> _Information_
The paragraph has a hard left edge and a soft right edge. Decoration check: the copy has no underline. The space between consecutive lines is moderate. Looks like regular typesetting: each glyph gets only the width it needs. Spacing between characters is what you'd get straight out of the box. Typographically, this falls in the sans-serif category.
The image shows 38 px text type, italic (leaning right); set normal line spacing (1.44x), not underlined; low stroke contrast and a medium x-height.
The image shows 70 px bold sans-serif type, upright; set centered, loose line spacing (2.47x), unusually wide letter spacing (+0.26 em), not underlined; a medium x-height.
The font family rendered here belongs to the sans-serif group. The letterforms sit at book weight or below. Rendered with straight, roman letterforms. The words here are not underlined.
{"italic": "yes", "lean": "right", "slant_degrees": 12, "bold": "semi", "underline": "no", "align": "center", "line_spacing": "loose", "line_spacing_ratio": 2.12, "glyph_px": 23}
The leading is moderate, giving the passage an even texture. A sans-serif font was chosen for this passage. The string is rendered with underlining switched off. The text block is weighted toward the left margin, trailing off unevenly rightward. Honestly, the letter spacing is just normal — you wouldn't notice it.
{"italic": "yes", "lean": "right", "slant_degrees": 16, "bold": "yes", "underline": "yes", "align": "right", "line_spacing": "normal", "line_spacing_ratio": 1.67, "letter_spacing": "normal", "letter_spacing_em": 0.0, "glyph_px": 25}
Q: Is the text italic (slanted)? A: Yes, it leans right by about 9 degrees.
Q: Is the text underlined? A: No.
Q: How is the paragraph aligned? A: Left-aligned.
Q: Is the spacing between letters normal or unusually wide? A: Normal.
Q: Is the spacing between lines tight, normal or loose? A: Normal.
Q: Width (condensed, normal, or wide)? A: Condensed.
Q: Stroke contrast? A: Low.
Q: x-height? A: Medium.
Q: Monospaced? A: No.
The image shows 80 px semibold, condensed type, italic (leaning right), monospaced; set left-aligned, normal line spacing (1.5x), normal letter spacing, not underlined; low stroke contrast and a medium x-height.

> _What this task involves_
Restate the records above exactly.

> _Result of this task_
The paragraph has a hard left edge and a soft right edge. Decoration check: the copy has no underline. The space between consecutive lines is moderate. Looks like regular typesetting: each glyph gets only the width it needs. Spacing between characters is what you'd get straight out of the box. Typographically, this falls in the sans-serif category.
The image shows 38 px text type, italic (leaning right); set normal line spacing (1.44x), not underlined; low stroke contrast and a medium x-height.
The image shows 70 px bold sans-serif type, upright; set centered, loose line spacing (2.47x), unusually wide letter spacing (+0.26 em), not underlined; a medium x-height.
The font family rendered here belongs to the sans-serif group. The letterforms sit at book weight or below. Rendered with straight, roman letterforms. The words here are not underlined.
{"italic": "yes", "lean": "right", "slant_degrees": 12, "bold": "semi", "underline": "no", "align": "center", "line_spacing": "loose", "line_spacing_ratio": 2.12, "glyph_px": 23}
The leading is moderate, giving the passage an even texture. A sans-serif font was chosen for this passage. The string is rendered with underlining switched off. The text block is weighted toward the left margin, trailing off unevenly rightward. Honestly, the letter spacing is just normal — you wouldn't notice it.
{"italic": "yes", "lean": "right", "slant_degrees": 16, "bold": "yes", "underline": "yes", "align": "right", "line_spacing": "normal", "line_spacing_ratio": 1.67, "letter_spacing": "normal", "letter_spacing_em": 0.0, "glyph_px": 25}
Q: Is the text italic (slanted)? A: Yes, it leans right by about 9 degrees.
Q: Is the text underlined? A: No.
Q: How is the paragraph aligned? A: Left-aligned.
Q: Is the spacing between letters normal or unusually wide? A: Normal.
Q: Is the spacing between lines tight, normal or loose? A: Normal.
Q: Width (condensed, normal, or wide)? A: Condensed.
Q: Stroke contrast? A: Low.
Q: x-height? A: Medium.
Q: Monospaced? A: No.
The image shows 80 px semibold, condensed type, italic (leaning right), monospaced; set left-aligned, normal line spacing (1.5x), normal letter spacing, not underlined; low stroke contrast and a medium x-height.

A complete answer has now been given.